- Origin: Melbourne, Victoria, Australia
- Genres: Avant-garde metal
- Years active: 1987–1993
- Labels: Dr Jim's
- Past members: David Brown John Murphy Michael Sheridan

= Dumb and the Ugly =

Australian metal band

Dumb and the Ugly were an Australian avant-garde metal band. They formed in 1987 with Michael Sheridan (also in No and then Max Q) on guitar; John Murphy (Whirlywirld, Orchestra of Skin and Bone, Max Q) on drums and synthesisers; and David Brown (Mulch, Ultratune) on bass guitar and guitar. Murphy and Sheridan had worked together in previous bands, generally working behind Ollie Olsen.

Dumb and the Ugly released a 12"EP (1990), a 7" single, "Blue Monk" / "Lazy 8" (1991), and a studio album on CD, Atmospheres of Metal (1992), all on the Dr Jim's label. The album includes guest musicians, Mia Stone, Jason Vassallo and Olsen. Olsen co-wrote "Knife Ladder" and "Atmosphere 145" with the band, while Stone co-wrote "One Fingered Man".
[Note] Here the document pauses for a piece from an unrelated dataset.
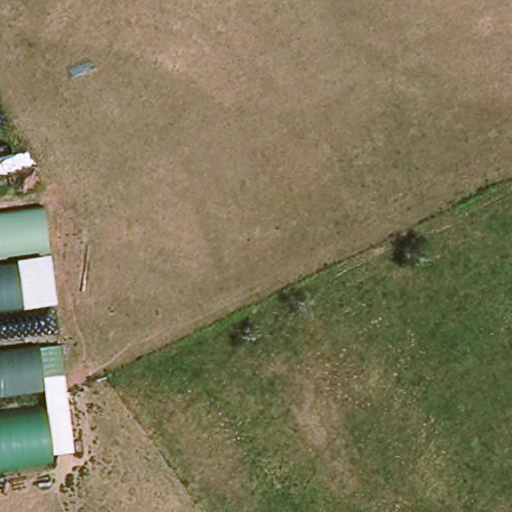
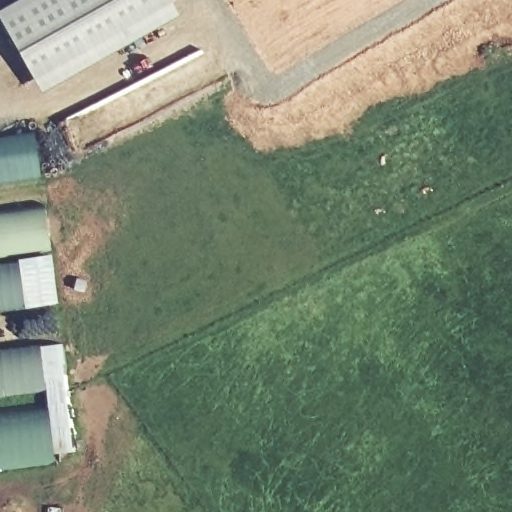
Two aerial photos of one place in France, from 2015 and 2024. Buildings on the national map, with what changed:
new [(41,95),(0,22),(0,12),(22,0),(171,0),(181,17),(41,95)]
new [(43,178),(0,184),(0,138),(34,133),(43,178)]
new [(58,304),(0,313),(0,215),(45,208),(58,304)]
unchanged [(63,345),(78,453),(54,455),(0,464),(0,413),(48,406),(46,389),(0,395),(0,347),(40,341),(63,345)]

In a 2002 interview, Murphy recalled his time in Dumb and the Ugly, they were "a 3-piece outfit in which I played drums and some samples. This was formed with some very old friends from my teenage years who also played with other acts. This act was in the style of Sonic Youth meets Hendrix and Chrome/Helios Creed."